Genome-Wide Association Study of Seed Morphology Traits in Senegalese Sorghum Cultivars

Abstract

Sorghum is considered the fifth most important crop in the world. Despite the potential value of Senegalese germplasm for various traits, such as resistance to fungal diseases, there is limited information on the study of sorghum seed morphology. In this study, 162 Senegalese germplasms were evaluated for seed area size, length, width, length-to-width ratio, perimeter, circularity, the distance between the intersection of length & width (IS) and center of gravity (CG), and seed darkness and brightness by scanning and analyzing morphology-related traits with SmartGrain software at the USDA-ARS Plant Science Research Unit. Correlations between seed morphology-related traits and traits associated with anthracnose and head smut resistance were analyzed. Lastly, genome-wide association studies were performed on phenotypic data collected from over 16,000 seeds and 193,727 publicly available single nucleotide polymorphisms (SNPs). Several significant SNPs were found and mapped to the reference sorghum genome to uncover multiple candidate genes potentially associated with seed morphology. The results indicate clear correlations among seed morphology-related traits and potential associations between seed morphology and the defense response of sorghum. GWAS analysis listed candidate genes associated with seed morphologies that can be used for sorghum breeding in the future.

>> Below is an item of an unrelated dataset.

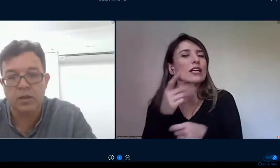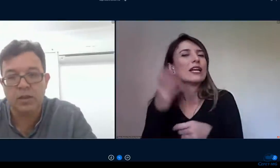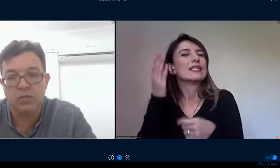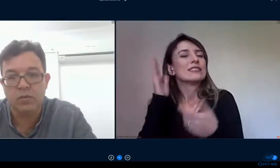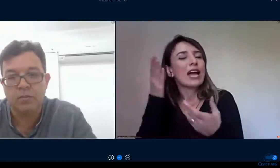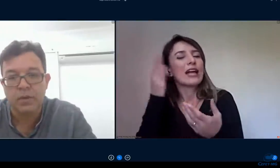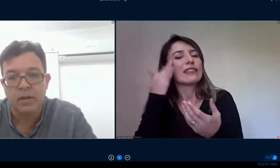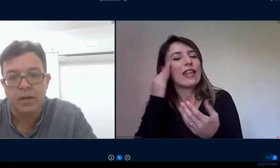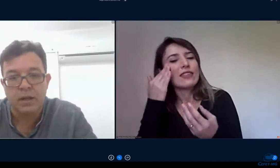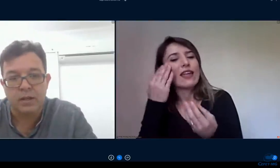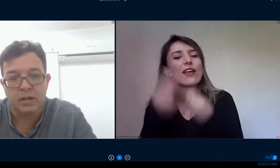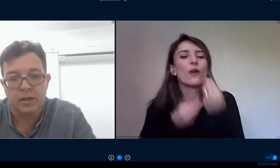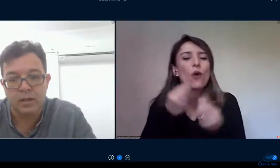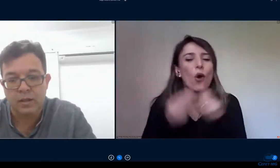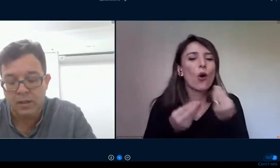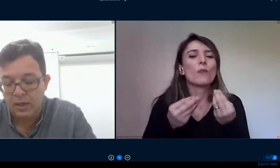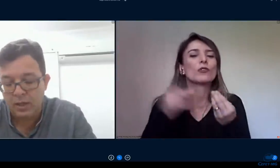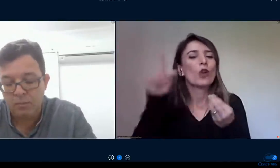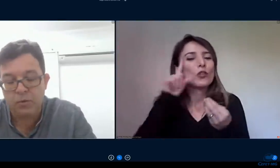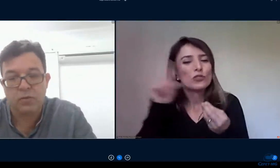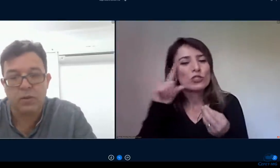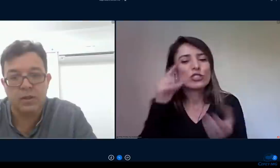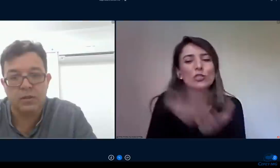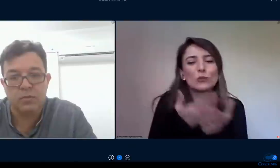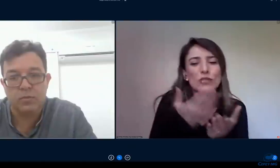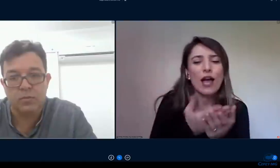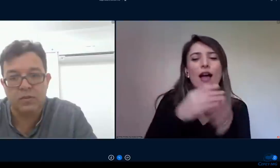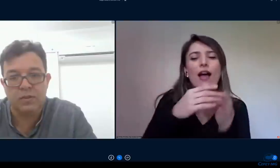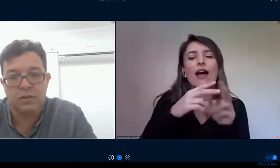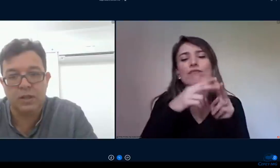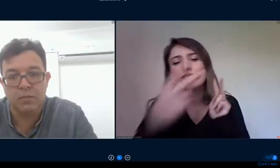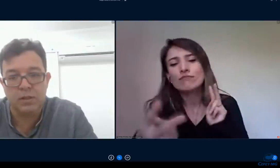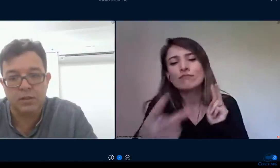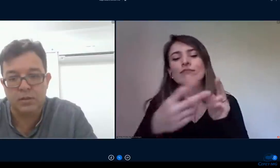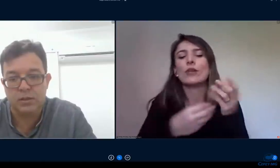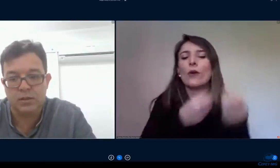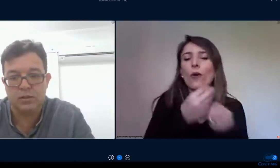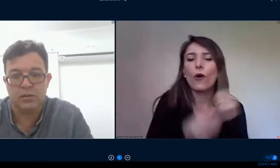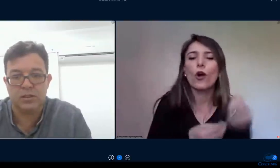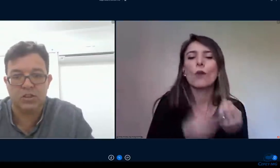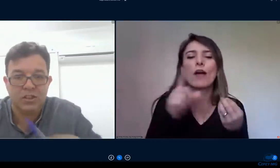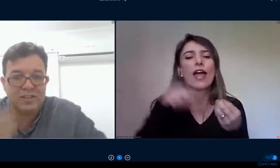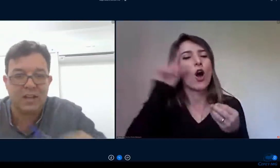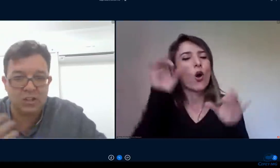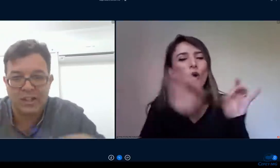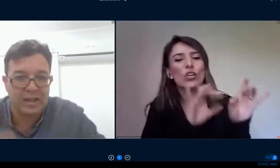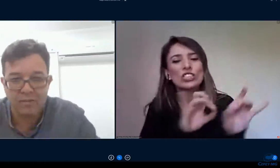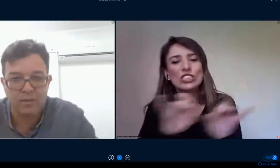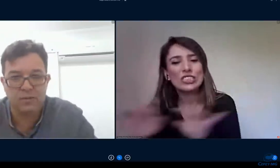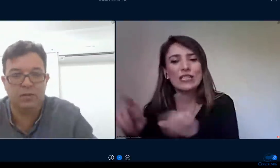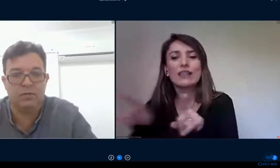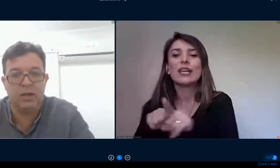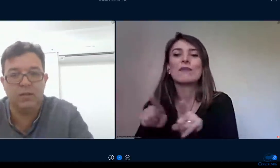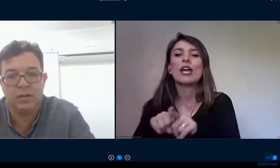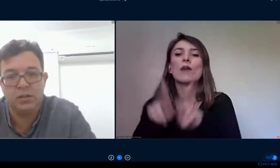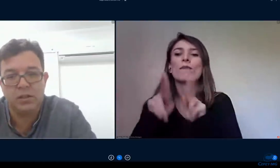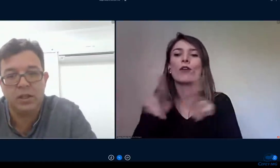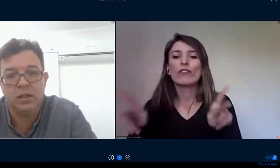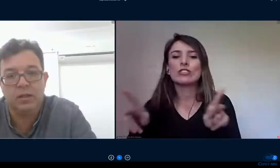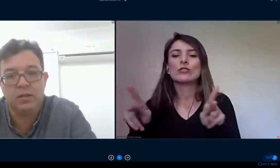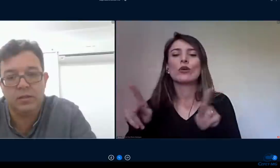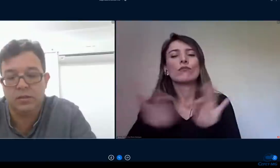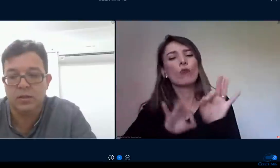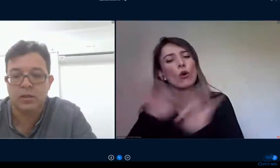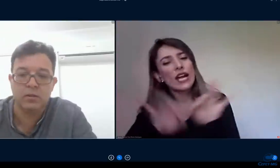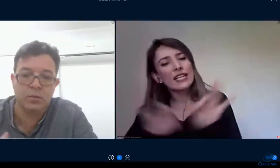no início é que acabou se tornando um sistema de entrega de tarefas não é isso que a gente

Keywords: GWAS; area size; circularity; morphology; seed; seed color; sorghum.

Figure 1

Histograms for distribution in Senegalese cultivars regarding seed morphologies. (a) Area size (mm²), (b) perimeter (mm), (c) length (mm), (d) width (mm), (e) length-to-width ratio, (f) circularity (0–1 range), (g) distance between IS and CG (mm) and (h) brightness (0–255 range). Box plots above each histogram indicated mean value (diamond), percentiles, upper and lower whisker, and outliers. Median ranges are shown in red.

Figure 2

A comparison of the area sizes for PI514293 vs. PI514404. (a) PI514293 has one of the smallest seeds in area size. (b) PI514404 showed one of the largest seeds in the population. The scale bar indicates 1 cm applied to both (a,b).

Figure 3

A comparison of the seed colors for PI514471 vs. PI514419. (a) PI514471 has one of the darkest seeds among the screened cultivars. (b) PI514471 showed one of the brightest seeds in the population. The scale bar indicates 1 cm applied to both (a,b).

Figure 4

Scatter plots visualizing correlations between evaluated traits based on Pearson’s r. Each dot indicates a sorghum accession and red lines indicate correlations between two traits.

Figure 5

The principal component analysis of eight seed morphological parameters was from the Senegalese sorghum germplasms (162 Senegalese and 3 control cultivars). PC1 vs. PC2 are shown. Red arrows indicate directions for the traits on the PCA plot.

Figure 6

The plot of the partial contribution of variables for eight traits. Principal component analysis from Senegalese sorghum cultivars of eight seed morphological parameters. Contributions of each trait toward PC1, PC2, and PC3 are shown.

Figure 7

The plots of correlations between head smut spot appearance rate (%) and seed morphology-related traits. (a) Head smut spot appearance rate (%) and circularity showed a moderate negative correlation (Pearson’s correlation = −0.47, p < 0.0001). (b) Head smut spot appearance rate (%) and distance between IS and CG showed a moderate positive correlation (Pearson’s correlation = 0.31, p < 0.0001). Each dot indicates a sorghum accession; blue lines indicate correlations between the two traits.

Figure 8

The population structure of the Senegalese sorghum panel. (a) k-means clustering by average silhouette method for genotype data of accessions analyzed in this study. The optimal number of k-means clusters was equal to 2, indicative of 2 major genetic groups. (b) An admixture plot displays 2 groups with most accessions falling in just one group. Two different colors indicate two different populations across the accessions.

Figure 9

A dendrogram generated from genotype data of the accessions analyzed in this study. There are 2 major genetic groups, indicated by the two main branches, with that majority of the accessions falling in the top branch, which could potentially contain numerous subpopulations.

Figure 10

The genome-wide association for Senegalese sorghum seed morphology-related traits. Manhattan plots based on univariate and multivariate GWAS display the top candidate SNPs associated with each trait (a) Manhattan plot for area size. (b) Manhattan plot for perimeter (c) Manhattan plot for width. (d) Manhattan plot of PCs based on seven seed size-related traits. (e) Manhattan plot of seed brightness. The line is a cut-off for the Bonferroni threshold ≈ 0.00000017.

Figure 11

LD heatmaps visualize LD of regions around statistically significant SNP loci. (a) Variant S6_12058855 was associated with seed area. (b) Variant S6_39973848 was associated with seed perimeter. The blue stars indicate locations of the SNP loci.